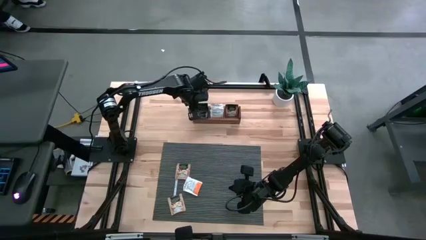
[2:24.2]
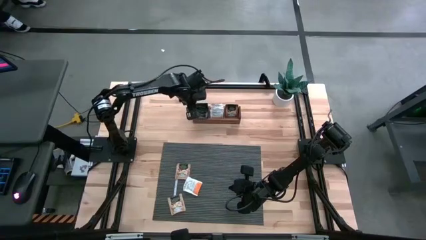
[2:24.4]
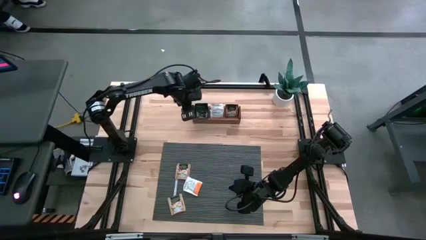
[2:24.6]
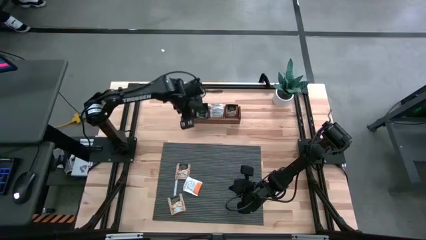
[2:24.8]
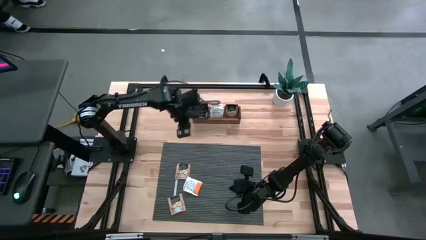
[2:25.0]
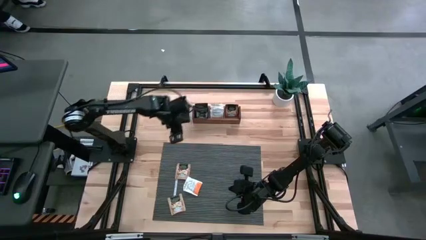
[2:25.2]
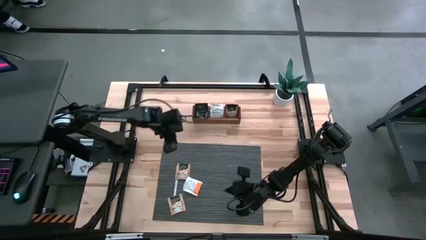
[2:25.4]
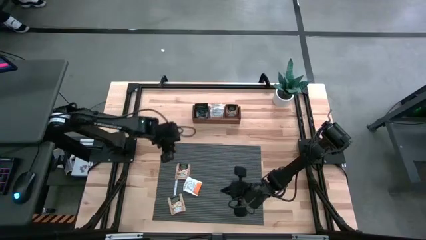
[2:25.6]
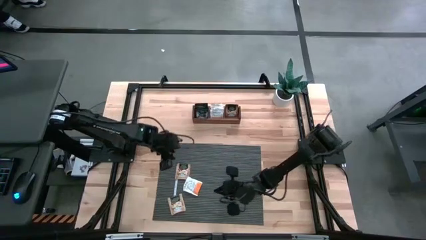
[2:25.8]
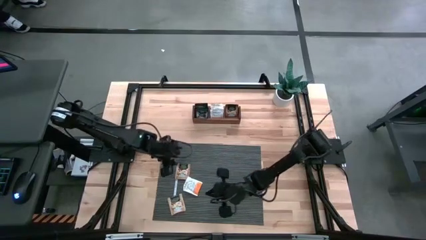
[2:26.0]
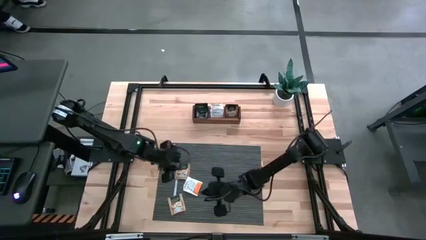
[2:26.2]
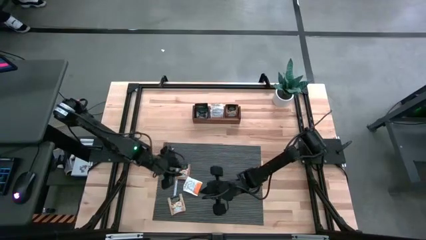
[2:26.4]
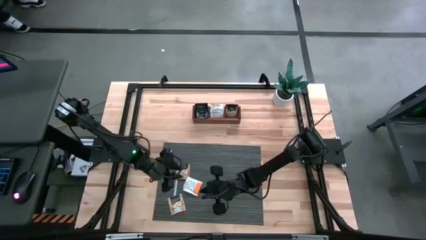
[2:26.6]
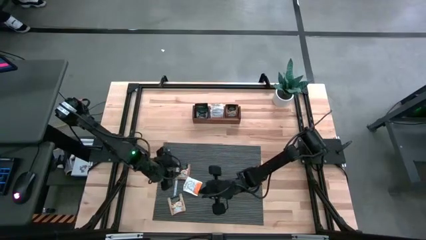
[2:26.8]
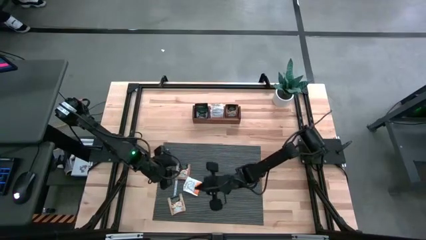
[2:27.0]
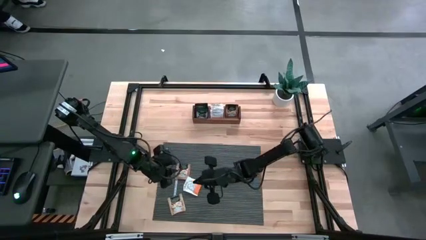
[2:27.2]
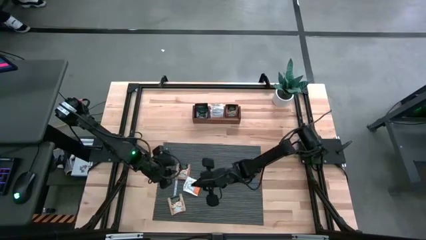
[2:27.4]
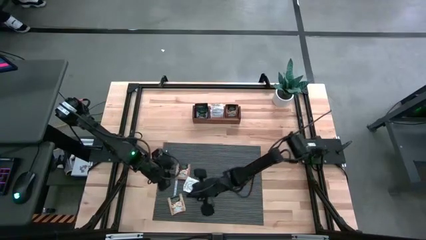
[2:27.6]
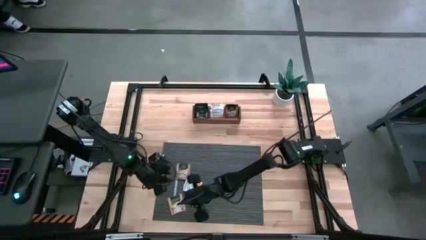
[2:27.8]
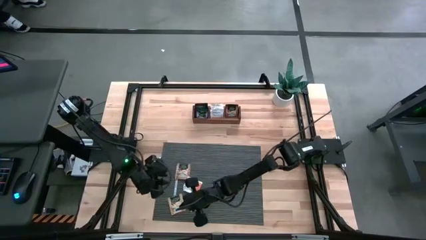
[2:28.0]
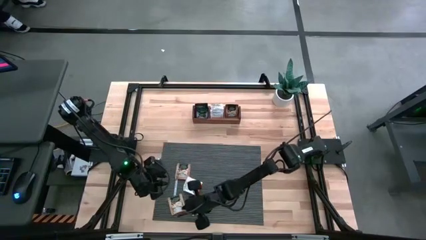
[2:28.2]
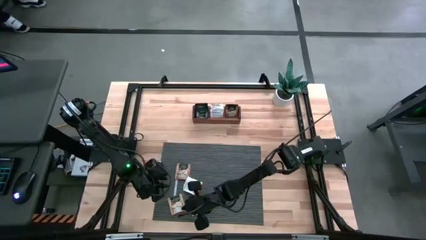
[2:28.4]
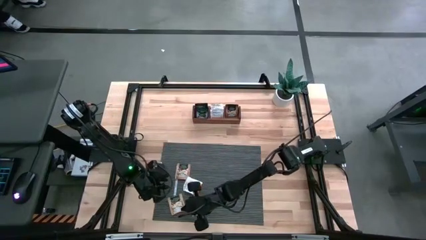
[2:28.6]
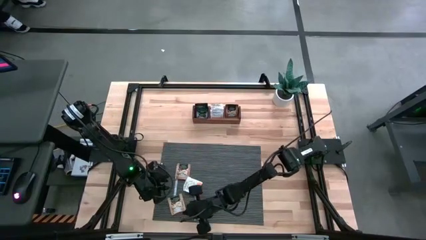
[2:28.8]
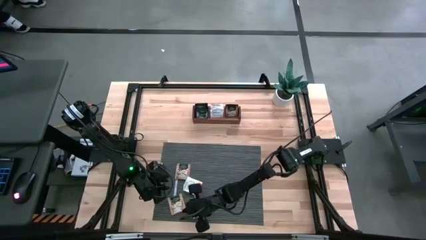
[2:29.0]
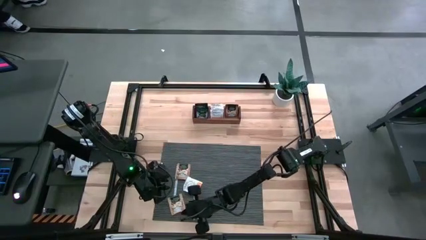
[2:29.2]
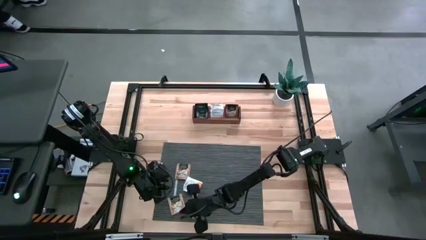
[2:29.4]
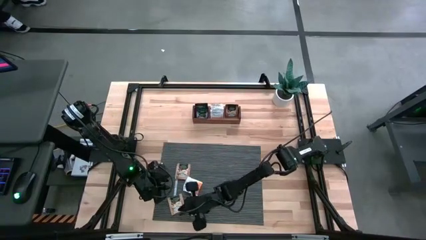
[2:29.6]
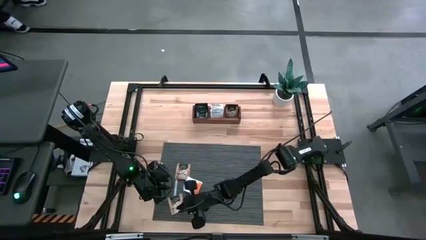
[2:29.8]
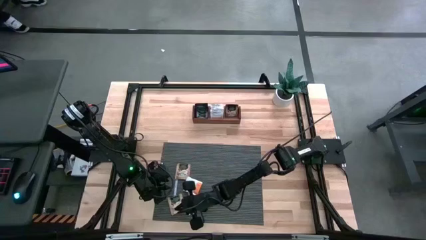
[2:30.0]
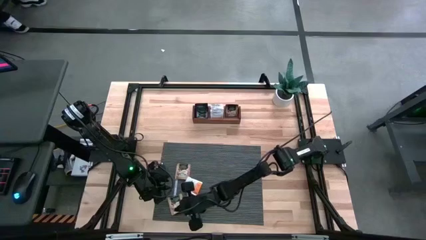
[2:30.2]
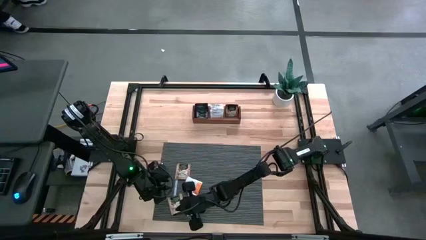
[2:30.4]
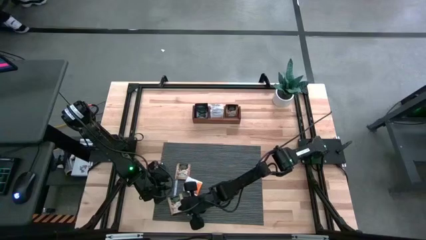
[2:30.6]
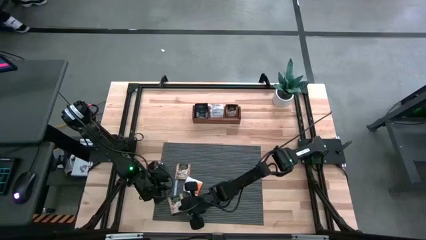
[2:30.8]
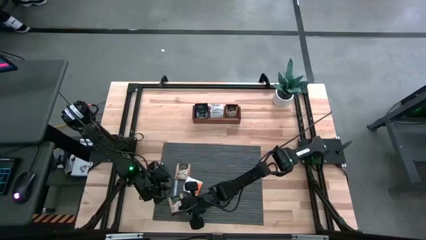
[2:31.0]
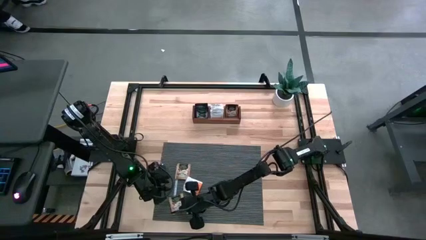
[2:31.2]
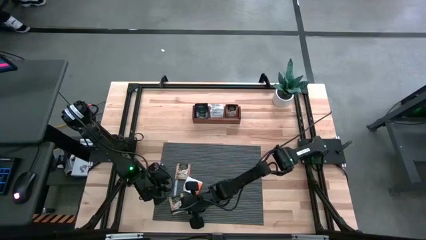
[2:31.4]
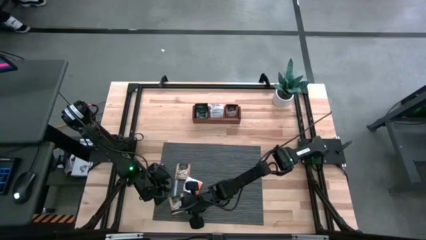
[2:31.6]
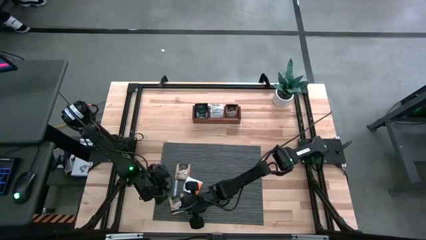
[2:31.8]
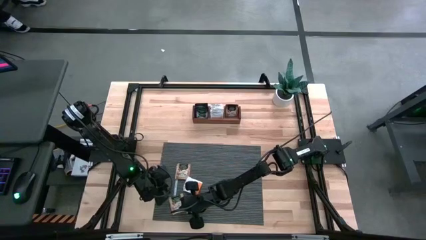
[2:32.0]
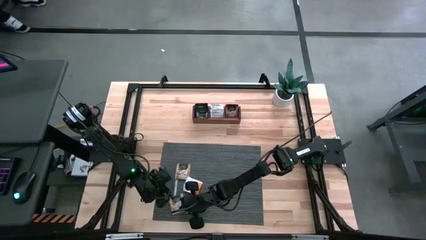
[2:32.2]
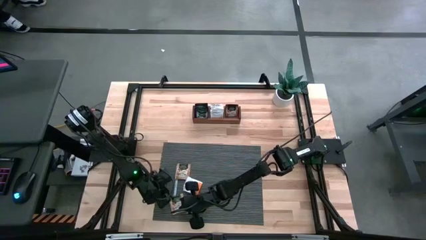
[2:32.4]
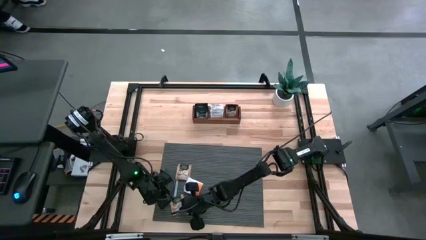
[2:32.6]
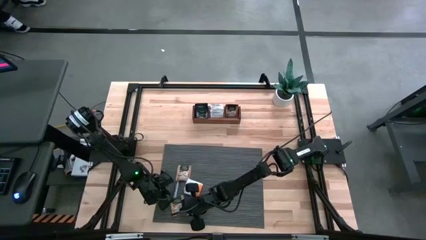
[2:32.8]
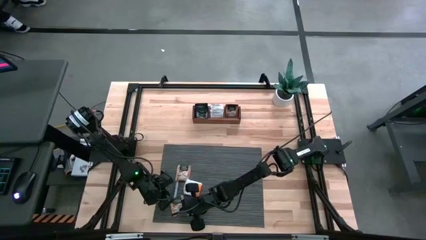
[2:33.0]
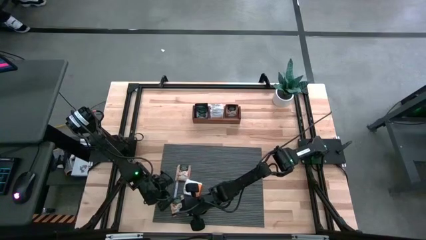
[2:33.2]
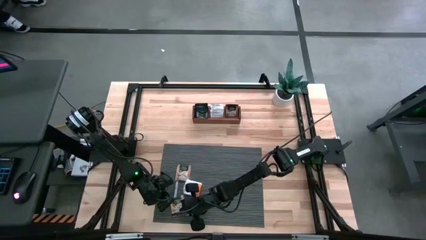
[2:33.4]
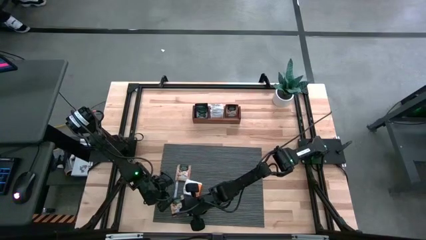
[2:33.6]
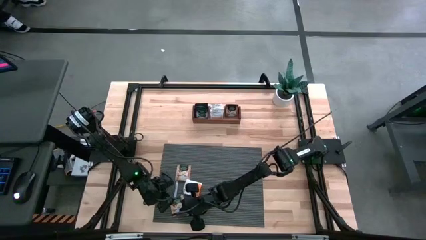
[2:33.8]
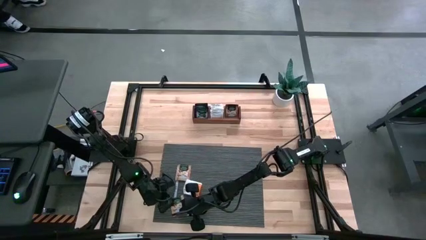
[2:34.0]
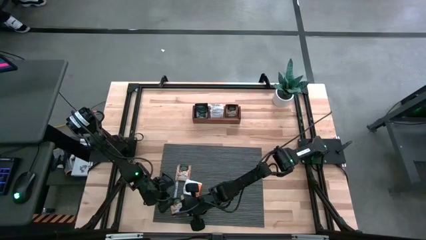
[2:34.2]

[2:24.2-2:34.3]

* **WORK INSTRUCTION**
Repeat each entry precisely as it appears. Leave the pictures out.

* **REPLY**
[2:24.2]
[2:24.4]
[2:24.6]
[2:24.8]
[2:25.0]
[2:25.2]
[2:25.4]
[2:25.6]
[2:25.8]
[2:26.0]
[2:26.2]
[2:26.4]
[2:26.6]
[2:26.8]
[2:27.0]
[2:27.2]
[2:27.4]
[2:27.6]
[2:27.8]
[2:28.0]
[2:28.2]
[2:28.4]
[2:28.6]
[2:28.8]
[2:29.0]
[2:29.2]
[2:29.4]
[2:29.6]
[2:29.8]
[2:30.0]
[2:30.2]
[2:30.4]
[2:30.6]
[2:30.8]
[2:31.0]
[2:31.2]
[2:31.4]
[2:31.6]
[2:31.8]
[2:32.0]
[2:32.2]
[2:32.4]
[2:32.6]
[2:32.8]
[2:33.0]
[2:33.2]
[2:33.4]
[2:33.6]
[2:33.8]
[2:34.0]
[2:34.2]

[2:24.2-2:34.3]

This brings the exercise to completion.